SoniaGluck
True, but if some of this disgusting stuff came out of their own heads that's arguably worse.
I take your point about my assumptions, I am making them. It seems reasonable enough (to me) to do so, since watching porn is quite a common thing for certain young men ( and the men threatening rape and worse online have been predominantly in their 20s, apparently). Moreover, they boast about doing so.
The last stats I saw, 2/3 of men and 1/2 of women between 18 and 25 had viewed porn online (by choice rather than just stumbling across it). Can't remember what the stats said about regular consumers of it but I think the proportion is the same - that for every 3 men consuming porn, there are 2 women..
I also take your point about the threats being 'hot air' in most cases. I think that there is probably a disconnect when some of these guys tweet their vileness - they don't visualise a real live woman reading it. But, for others, it is backed by such hatred that I'm not so sure they wouldn't act on their threats if they could.

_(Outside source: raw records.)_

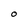
Character: O
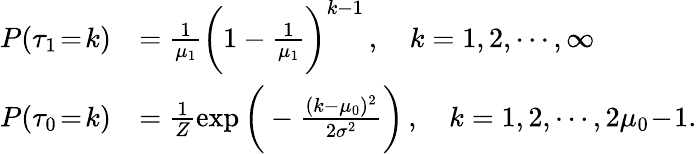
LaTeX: \begin{array}{rl}{P(\tau_{1}\! =\! k)}&{=\frac{1}{\mu_{1}}\bigg(1-\frac{1}{\mu_{1}}\bigg)^{k-1}\, ,\quad k=1,2,\cdots,\infty}\\ {P(\tau_{0}\! =\! k)}&{=\frac{1}{Z}\exp\bigg(-\frac{(k-\mu_{0})^{2}}{2\sigma^{2}}\bigg)\, ,\quad k=1,2,\cdots,2\mu_{0}\! -\! 1.}\end{array}
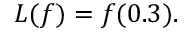
L ( f ) = f ( 0 . 3 ) { \mathrm { . } }
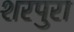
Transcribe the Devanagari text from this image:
शरपुरा
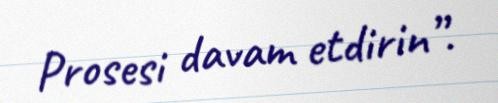
Prosesi davam etdirin”.
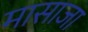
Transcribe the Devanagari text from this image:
मासाजा
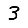
Digit: 3
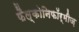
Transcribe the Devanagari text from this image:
फैल्कोनिफॉर्मीज़
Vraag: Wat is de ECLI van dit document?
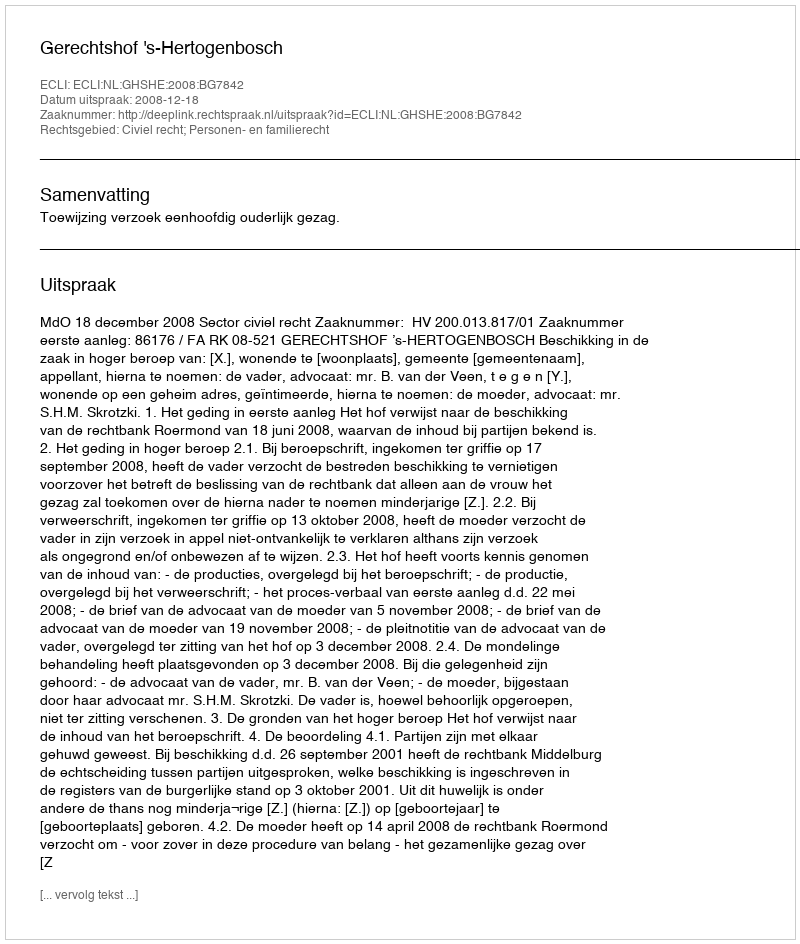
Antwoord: ECLI:NL:GHSHE:2008:BG7842
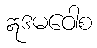
ဣဒမဝေါစ
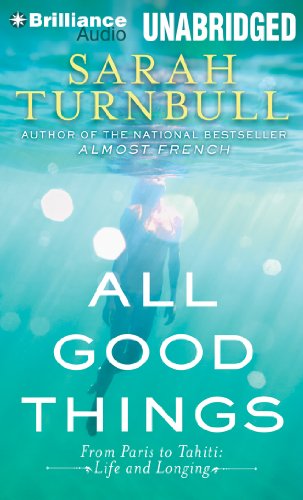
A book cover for All Good Things: From Paris to Tahiti: Life and Longing; Sarah Turnbull; Travel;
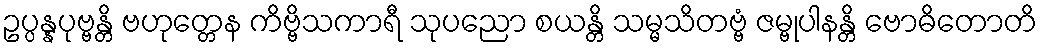
ဥပ္ပန္နပုဗ္ဗန္တိ ဗဟုတ္တေန ကိဗ္ဗိသကာရီ သုပညော စယန္တိ သမ္မသိတဗ္ဗံ ဇမ္ဗုပါနန္တိ ဗောဓိတောတိ
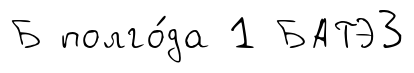
Б полго́да 1 БАТЭ3
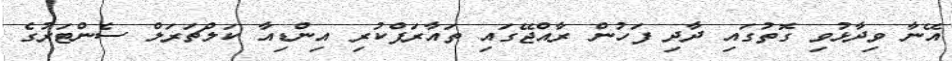
އޭނާ ވިދާޅުވި ގޮތުގައި ދާދި ފަހުން ރާއްޖޭގައި ތައާރަފްކުރި އިންޑިއާ ކަލްޗަރަލް ސެންޓަރުގެ
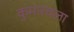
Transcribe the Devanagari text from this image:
कुमारचला
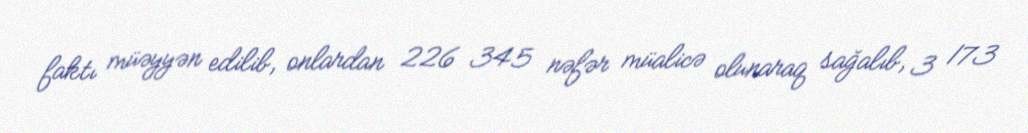
faktı müəyyən edilib, onlardan 226 345 nəfər müalicə olunaraq sağalıb, 3 173
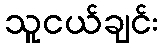
သူငယ်ချင်း
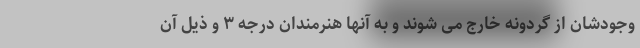
وجودشان از گردونه خارج می شوند و به آنها هنرمندان درجه ٣ و ذیلِ آن
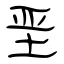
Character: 垩
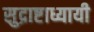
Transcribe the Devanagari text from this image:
सुद्राष्टाध्यायी
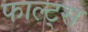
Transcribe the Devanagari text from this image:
फाल्ट्स
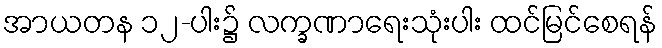
အာယတန ၁၂-ပါး၌ လက္ခဏာရေးသုံးပါး ထင်မြင်စေရန်
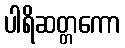
ပါရိဆတ္တကော
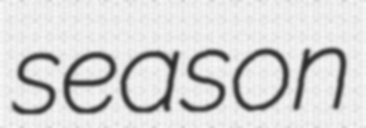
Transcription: season
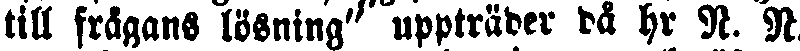
till frågans lösning" uppträder då hr N. N.
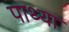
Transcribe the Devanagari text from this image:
पाथ्या
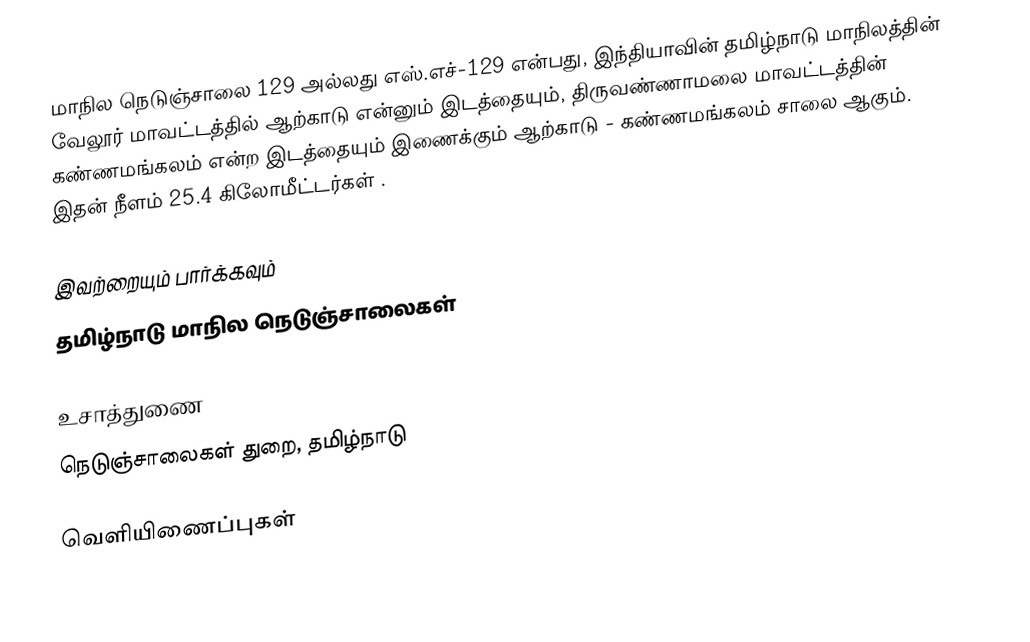
மாநில நெடுஞ்சாலை 129 அல்லது எஸ்.எச்-129 என்பது, இந்தியாவின் தமிழ்நாடு மாநிலத்தின் வேலூர் மாவட்டத்தில் ஆற்காடு என்னும் இடத்தையும், திருவண்ணாமலை மாவட்டத்தின் கண்ணமங்கலம் என்ற இடத்தையும் இணைக்கும் ஆற்காடு - கண்ணமங்கலம் சாலை ஆகும். இதன் நீளம் 25.4  கிலோமீட்டர்கள் .

இவற்றையும் பார்க்கவும்
 தமிழ்நாடு மாநில நெடுஞ்சாலைகள்

உசாத்துணை
 நெடுஞ்சாலைகள் துறை, தமிழ்நாடு

வெளியிணைப்புகள்
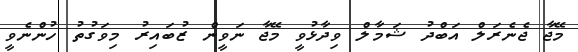
މޭޖާ ޖެނެރަލް އަބްދު ޝަމާލް ވިދާޅުވީ މޭޖާ ނަވީން ޒުބައިރު މިވަގުތު ހުންނެވީ
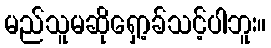
မည်သူမဆိုရှော့ခ်သင့်ပါဘူး။
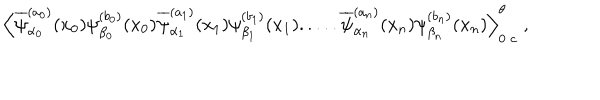
\Big \langle \overline { { { \psi } } } _ { \alpha _ { 0 } } ^ { ( a _ { 0 } ) } ( x _ { 0 } ) \psi _ { \beta _ { 0 } } ^ { ( b _ { 0 } ) } ( x _ { 0 } ) \overline { { { \psi } } } _ { \alpha _ { 1 } } ^ { ( a _ { 1 } ) } ( x _ { 1 } ) \psi _ { \beta _ { 1 } } ^ { ( b _ { 1 } ) } ( x _ { 1 } ) . . . . . \overline { { { \psi } } } _ { \alpha _ { n } } ^ { ( a _ { n } ) } ( x _ { n } ) \psi _ { \beta _ { n } } ^ { ( b _ { n } ) } ( x _ { n } ) \Big \rangle _ { 0 \; c } ^ { \theta } \; ,
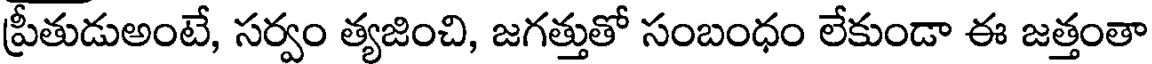
ప్రీతుడుఅంటే, సర్వం త్యజించి, జగత్తుతో సంబంధం లేకుండా ఈ జత్తంతా
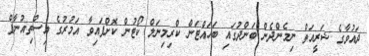
ދައުވާގެ ޝަރީއަތް ނިމެންދެން ބަންދުގައި ބަހައްޓަން ކްރިމިނަލް ކޯޓުން ކޮށްފައިވާ އަމުރުގެ އިސްތިއުނާފް
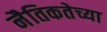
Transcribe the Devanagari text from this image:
नैतिकतेच्या
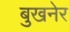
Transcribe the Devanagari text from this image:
बुखनेर
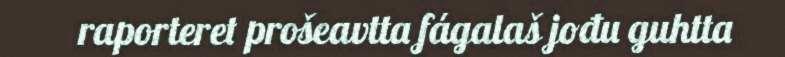
raporteret prošeavtta fágalaš jođu guhtta
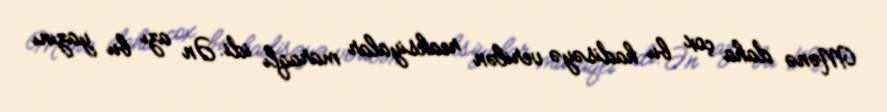
Mənə daha çox bu hadisəyə verilən reaksiyalar maraqlı idi. Ən azı bu yazını
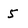
Character: 5
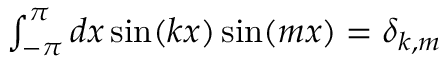
\begin{array} { r } { \int _ { - \pi } ^ { \pi } d x \sin ( k x ) \sin ( m x ) = \delta _ { k , m } } \end{array}
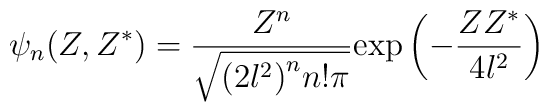
\psi_n(Z,Z ^{\ast}) = \frac{Z^n}{\sqrt{{(2l^2)}^n n! \pi}}{\exp}\left(-\frac{ZZ^{\ast}}{4l^2}\right)
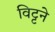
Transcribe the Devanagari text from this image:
विट्टने
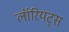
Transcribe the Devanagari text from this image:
लॉरियट्स
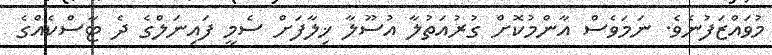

Did you see [[http://www.telegraph.co.uk/news/uknews/law-and-order/10209643/Internet-troll-who-abused-Mary-Beard-apologises-after-threat-to-tell-his-mother.html
this story?]]
This guy apologised after someone threatened to send his twitter information to his mum. That's the kind of people we're dealing with here. Not raging hate zombies, but people living at home with their mum who think they're funny when they push boundaries. Take a look at the two sites I mentioned in my last post - there are tens of thousands of them on there. Often they're social misfits (nerds/geeks) which makes them angry at the world. But stick them in a room with real people, or more usefully indicate that there isn't such a clear separation between the world of the internet and the real one, and their bullying dissipates.
At this stage I don't think that there is a good enough argument for an out and out ban on porn. I don't like it but that isn't a good reason to ban it, unfortunately. smile
I have much the same attitude to an awful lot of stuff. There's plenty of things I loathe and despise (such as the Guardian) but I recognise that other people like it and it'd be illiberal of me to wield the banhammer even if I could.
The last couple of weeks have been very sobering and dispiriting. I feel a bit ground down by it all, to be honest.
Don't be. It's been going on for years, and until someone finds a way of dispensing a well-earned slap down a fibreoptic cable, it's not going to go away. But while it might seem ghastly it's a consequence of the freedom that the internet brings. The internet was built, essentially, on altruism. There are tens of thousands of forums where people ask advice on everything, and other people dispense advice for free.
For every person on the internet writing "RAEP RAEP HURRR" there are twenty doing good things. Want to know how to lay a tile floor? Want to know why your computer keeps coming up with those error messages? What about how many species of bee can be found in your area? Someone's writing about it, and will help you out, for free and because they want to. The internet is an extraordinary place in every sense.